Contrary to popular impression, the French do not desperately need their Algiers-Marseille route to bring North African recruits into France and French reinforcements to Tunis. They have an alternative route, extending by rail along the North African coast from Bizerte to Casablanca on the Atlantic Ocean, thence to Bordeaux by transport under cover of the French and British Atlantic fleets. The French have built a big naval base at Bizerte; and they have an excellent harbor for submarines at Mers-el-Kebir, halfway between Algiers and Gibraltar. Mers-el-Kebir can be used to blockade the Strait of Gibraltar from the Mediterranean side, for the French have constructed oil and gas tanks and even submarine slipways under the protecting coastal rock.
The Po Target. Italy herself is extremely vulnerablea fact which might cause Mussolini to sit out the next World War. Flying from bases in southern France and their advanced refueling fields in Corsica, the French could with the greatest of ease bomb Rome, La Spezia, Genoa, Naples and the railway that skirts the Italian coast. Airplane attacks from the sea come without warning.
The Po Valley, seat of Italian industry, is not only a sweet target for air raids but a natural magnet for enemy armies. Time without end the Po Valley has been invaded from France and Switzerland; but never since Gaul was civilized has there been a successful invasion of France or Switzerland from the Po. Napoleon won his great early victories in the Po Valley: at Lodi and Rivoli in 1796 and 1797, and at Marengo in 1800. And long before Napoleon's time, Hannibal crossed the Alps into Italy with elephants and a full baggage train, probably via the Little St. Bernard or the Mt. Genevre pass (the northernmost and the middle of the passes west of Turin).

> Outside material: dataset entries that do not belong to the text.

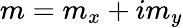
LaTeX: m=m_{x}+im_{y}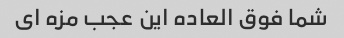
شما فوق العاده این عجب مزه ای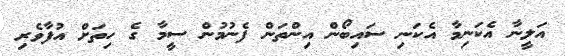
އަލީނާ އެކަނިމާ އެކަނި ސައިބޯން އިންތަން ފެނުމުން ސީމާ ގެ ހިތަށް އުފާވެރި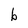
Character: b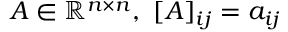
A \in \mathbb { R } ^ { n \times n } , ~ [ A ] _ { i j } = a _ { i j }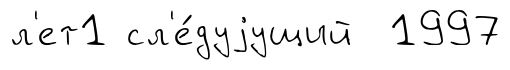
л'ет1 сл'е́дуjущий 1997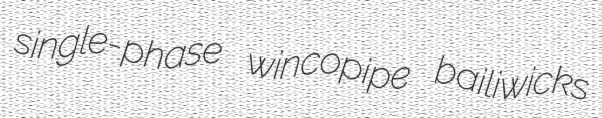
single-phase wincopipe bailiwicks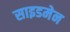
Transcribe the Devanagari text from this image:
साइडमेन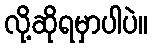
လို့ဆိုရမှာပါပဲ။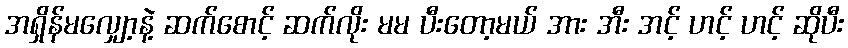
အရှိန်မလျှော့နဲ့ ဆက်စောင့် ဆက်လိုး မမ ပီးတော့မယ် အား အီး အင့် ဟင့် ဟင့် ဆိုပီး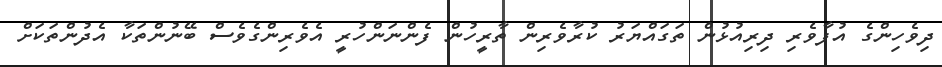
ދިވެހިންގެ އުފާވެރި ދިރިއުޅުން ތަގައްޔަރު ކުރާވެރިން ތާރީހުން ފެންނަންހުރީ އެވެރިންގެވެސް ބޭނުންތަކާ އެދުންތަކަށް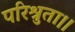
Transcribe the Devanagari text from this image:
परिश्रुता।।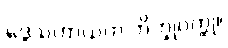
ဒွေသဟာယက ဘိက္ခုဝတ္ထု။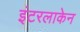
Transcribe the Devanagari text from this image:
इंटरलाकेन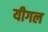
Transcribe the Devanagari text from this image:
यीगल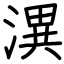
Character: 潩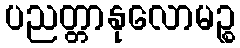
ပညတ္တာနုလောမဉ္စ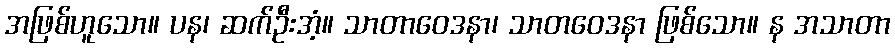
အဖြစ်ဟူသော။ ပန၊ ဆက်ဦးအံ့။ သာတာဝေဒနာ၊ သာတဝေဒနာ ဖြစ်သော။ န အသာတာ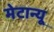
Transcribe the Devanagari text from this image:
मेटान्यू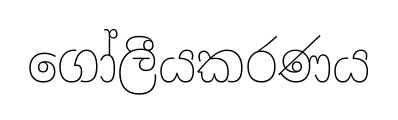
ගෝලීයකරණය

The Po region is very open to attack if the French can once accomplish the none too easy job of forcing the passes, all of which converge toward Turin. Army corps starting from widely separated depots in southeastern France would meet when they came down into flat fighting country around the important Italian industrial centres, whereas Italian divisions invading France would find themselves scattered in rough mountain country a long distance from the Rhone Valley, from Marseille and from Lyon.
Since Italy and Germany are friendly, the Brenner Pass which leads from the Po Valley to Austria and Bavaria would naturally figure in the next war, chiefly for communication and supply.